Distinct Powers of Elements in a Group
Distinct Powers of Elements in a Group
Recall from the The Order of Elements in a Group page that if $(G, \cdot)$ is a group and $a \in G$ then the order of $a$ is the least positive integer $m$ such that $a^m = (\underbrace{a \cdot a \cdot … \cdot a}_{m \: \mathrm{many \: factors}}) = e$ where $e$ is the identity element, and if no such positive integer $m$ exists then $a$ is said to have order $/infty$.
We will now look at a rather nice proposition which will tell us that if $a$ has order $m$, then the nonnegative powers of $a$ less than $m$ are all distinct elements in the group.
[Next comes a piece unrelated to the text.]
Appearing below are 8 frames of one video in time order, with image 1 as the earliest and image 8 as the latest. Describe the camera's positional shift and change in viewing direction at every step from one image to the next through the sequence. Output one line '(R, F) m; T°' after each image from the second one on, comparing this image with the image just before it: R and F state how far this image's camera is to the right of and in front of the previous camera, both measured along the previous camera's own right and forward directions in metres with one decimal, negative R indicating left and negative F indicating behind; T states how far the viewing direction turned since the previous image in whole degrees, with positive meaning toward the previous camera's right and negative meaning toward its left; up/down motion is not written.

| Proposition 1: Let $(G, \cdot)$ be a group and let $a \in G$ have order $m$. Then the nonnegative integer powers less than $m$ are distinct, that is $a^0, a^1, …, a^{m-1}$ and these are the only powers of $a$. |
- Proof: Let $(G, \cdot)$ be a group and let $a \in G$ have order $m$. Then $m$ is the least positive integer such that $a^m = e$ where $e$ is the identity element of $G$. We will begin by showing that these powers $a^0, a^1, …, a^{m-1}$ are the other powers of $a$. Let $s$ be any nonnegative integer. By The Division Algorithm we have that for integers $q$ and $r$ such that $0 \leq r < m$ that represent the quotient and remainder of $s$ upon division by $m$ that:
\begin{align} \quad s = mq + r \end{align}
- Therefore:
\begin{align} \quad a^s = a^{mq + r} = a^{mq} \cdot a^r = (a^m)^q \cdot a^r = e^q \cdot a^r = e \cdot a^r = a^r \end{align}
- Hence $a^s = a^r$, but $r \in \{ 0, 1, …, m - 1 \}$ which proves that $a^0, a^1, …, a^{m-1}$ are the only powers of $a$.
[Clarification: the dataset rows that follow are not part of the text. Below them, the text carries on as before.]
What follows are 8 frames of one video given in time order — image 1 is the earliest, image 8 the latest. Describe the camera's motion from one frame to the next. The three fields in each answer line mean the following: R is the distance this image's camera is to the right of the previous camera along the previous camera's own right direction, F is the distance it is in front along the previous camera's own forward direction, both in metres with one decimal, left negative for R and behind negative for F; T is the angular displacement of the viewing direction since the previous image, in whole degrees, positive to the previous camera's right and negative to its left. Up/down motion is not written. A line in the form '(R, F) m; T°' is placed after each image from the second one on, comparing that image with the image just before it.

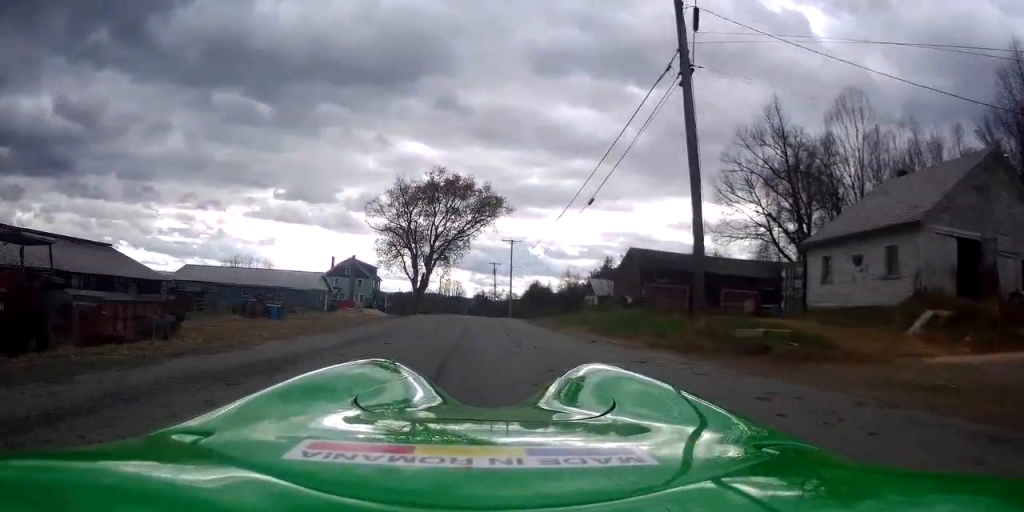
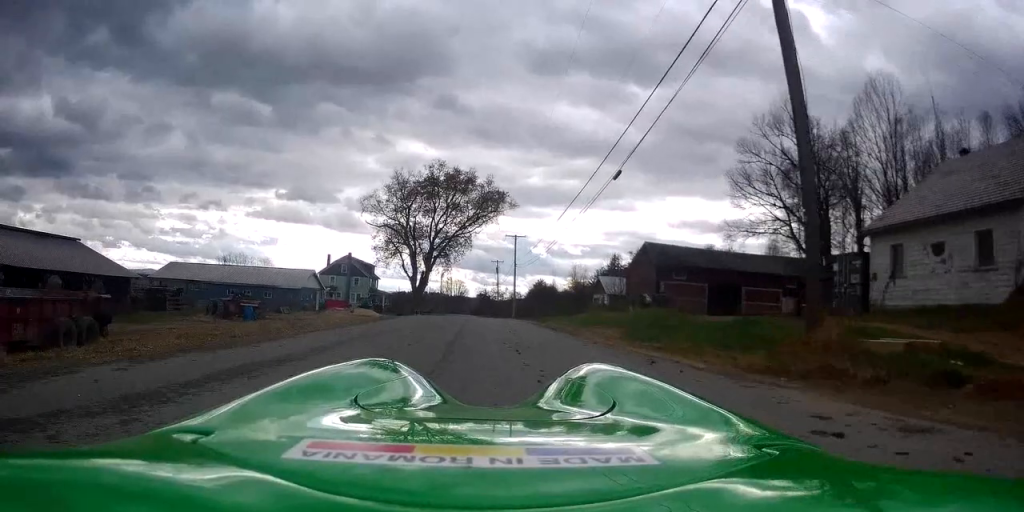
(0.0, +4.8) m; 0°
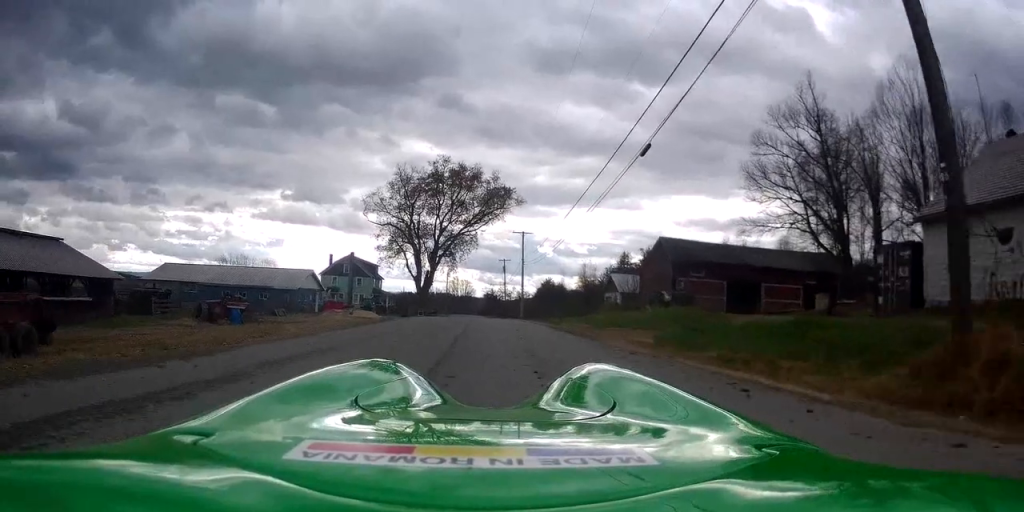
(0.0, +3.0) m; 0°
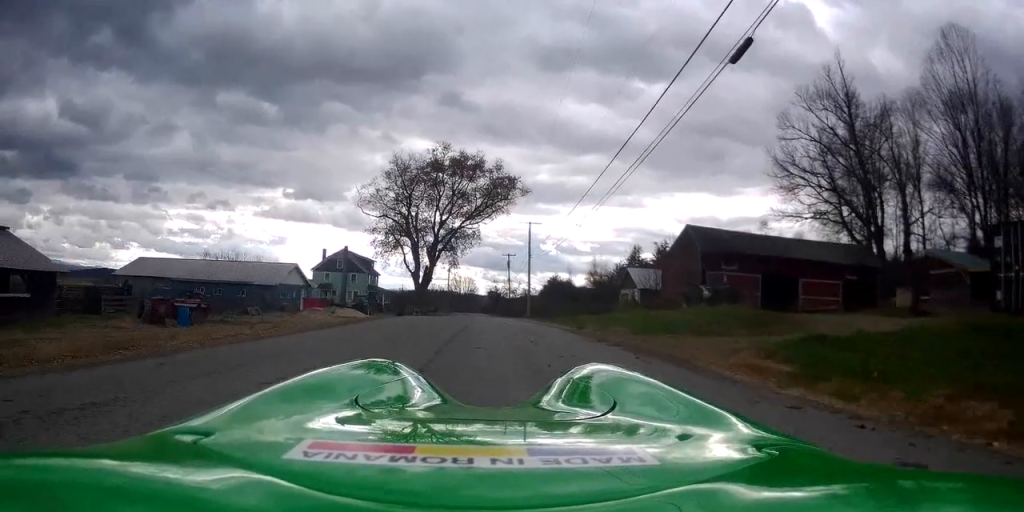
(0.0, +6.6) m; -2°
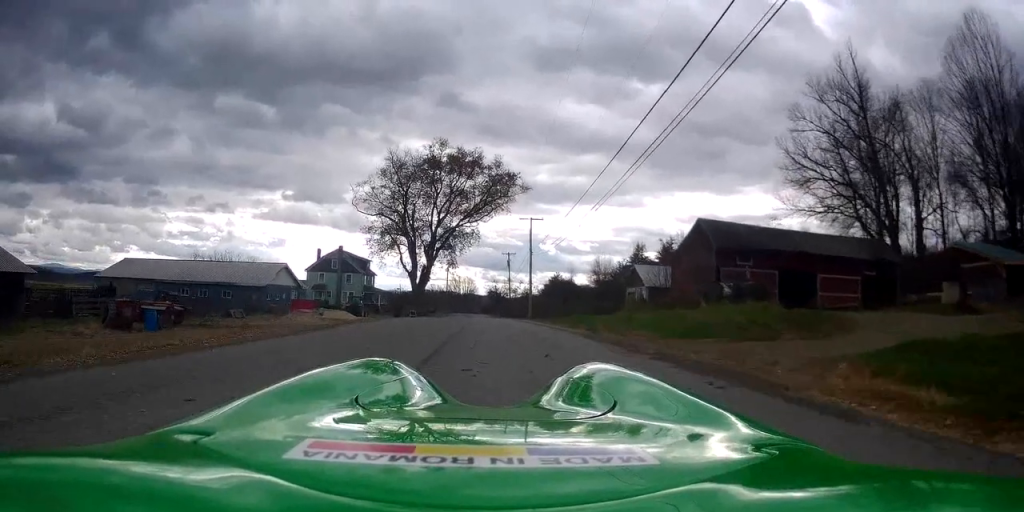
(+0.1, +3.2) m; -2°
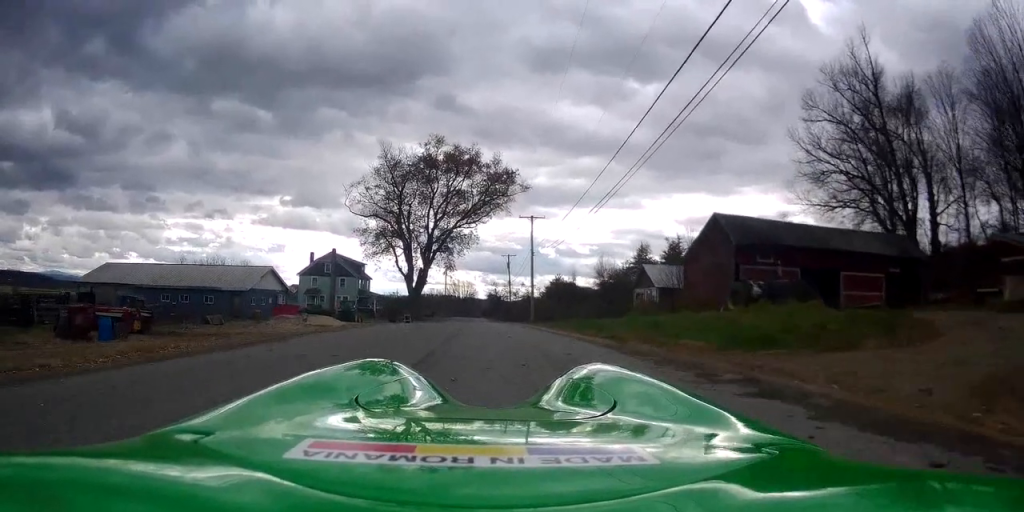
(-0.2, +3.8) m; 0°
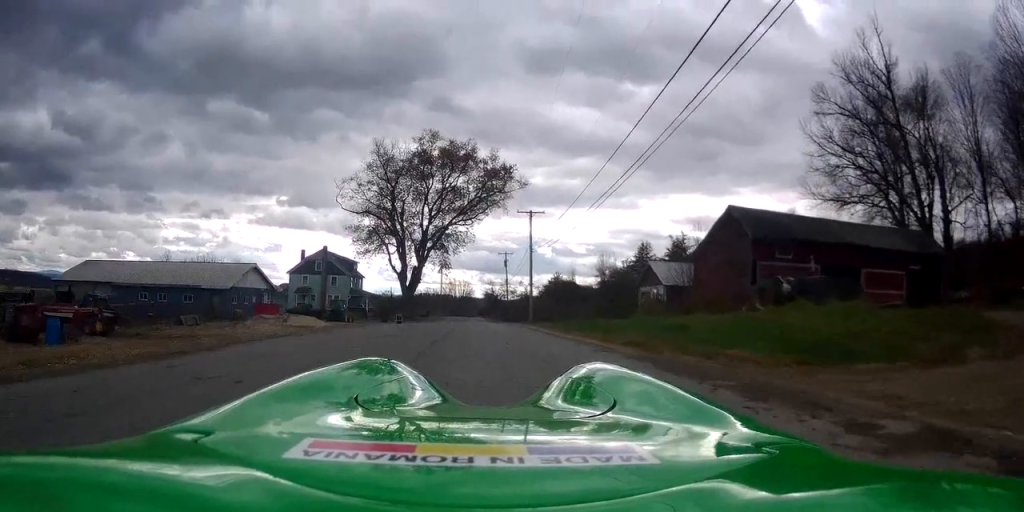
(-0.1, +3.3) m; 0°
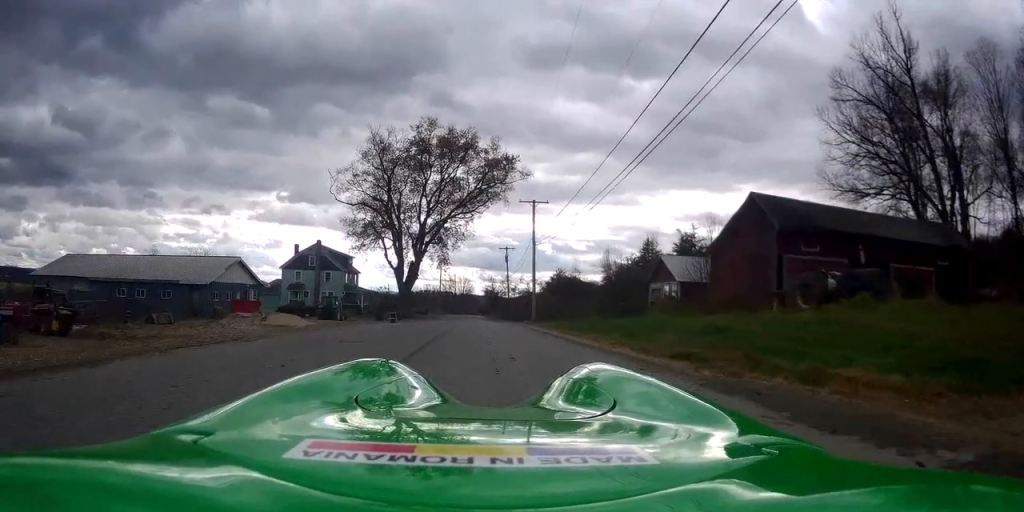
(+0.2, +3.6) m; +2°

- We will now show that the powers $a^0, a^1, …, a^{m-1}$ are distinct. Suppose that for some $s, t \in \{ 0, 1, …, m-1 \}$ we have that:
\begin{align} \quad a^s = a^t \end{align}
- Without loss of generality, assume that $s \geq t$. Then:
\begin{align} \quad a^{s - t} = e \end{align}
- Since $s, t < m$ we must have that $0 \leq s - t < m$. If $s - t \neq 0$ then this implies that the order of $a$ is $s - t < m$ which is a contradiction. Therefore $s - t = 0$ or rather, $s = t$. Hence $a^s = a^t$ if $s = t$, so the powers $a^0, a^1, …, a^{m-1}$ are distinct. $\blacksquare$
| Proposition 2: Let $(G, \cdot)$ be a group and suppose that $a \in G$ has order $\infty$. Then all powers of $a$ are distinct, that is $a^0, a^1, a^2, …$ are all distinct. |
- Proof: Let $(G, \cdot)$ be a group and suppose that $a \in G$ has order $\infty$. Let $s$ and $t$ be nonnegative integers and suppose that:
\begin{align} \quad a^s = s^t \end{align}
- Without loss of generality, assume that $s \geq t$. Then:
\begin{align} \quad a^{s - t} = e \end{align}
- If $s - t > 0$ then this implies that $a$ has order $s - t$ which contradicts the hypothesis that $a$ has order $/infty$. Hence $s - t = 0$, so $s = t$. Therefore all of the powers $a^0, a^1, a^2, …$ of $a$ are unique. $\blacksquare$
| Corollary 3: If $(G, \cdot)$ is a finite group then for all $a \in G$, $a$ has a finite order. |
- Proof: Let $(G, \cdot)$ be a group and suppose that for some $a \in G$ that $a$ has order $\infty$. Then all of the powers $a^0, a^1, a^2, …$ are distinct by Proposition 2. Since $(G, \cdot)$ is closed under $\cdot$ we must have that all of these powers are contained in $G$ contradicting the hypothesis that $(G, \cdot)$ is a finite group. Hence every $a \in G$ has a finite order. $\blacksquare$